Plutôt que dépeuplées ses photographies sont silencieuses
Plutôt que dépeuplées ses photographies sont silencieuses. D’un silence particulier, atgétien ; en quoi la lumière des longues secondes d’exposition se convertit, qui détache l’image du monde ambiant et lui fait comme un reliquaire. Silence qui va jusqu’à des nettetés de visions, impératives et soudaines, comme si l’on avait ôté le langage dans le cerveau d’un fou. [...]
Cette immobilité et ce silence, ce présent, ne sont pas d’un temps suspendu, fixé ; de ce temps dont nous disons étourdiment qu’il passe, qu’il s’écoule ; mais le temps lui même, immobile, au sein de quoi tout passe.
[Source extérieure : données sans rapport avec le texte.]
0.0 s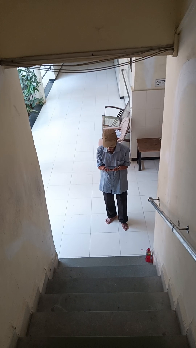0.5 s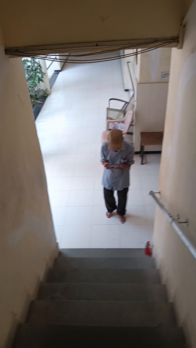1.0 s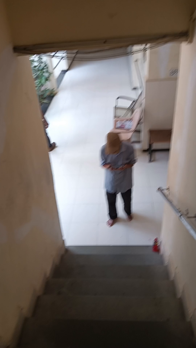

Le temps n’est pas ce qui use les choses et fait vieillir la vie, il est ce qu’engendre la fatigue des choses, la croissance et la décrépitude, la vie périssable, la ruine. [...] Une mélancolie héraclitéenne infuse dans cette œuvre : on ne se baigne jamais deux fois dans le même fleuve, qui n’est pas celui du temps, mais notre propre vie allant au déversoir.
Baudouin de Bodinat, « Eugène Atget, poète matérialiste », Trouvailles, novembre 1992, rééd. éditions Fario, 2014.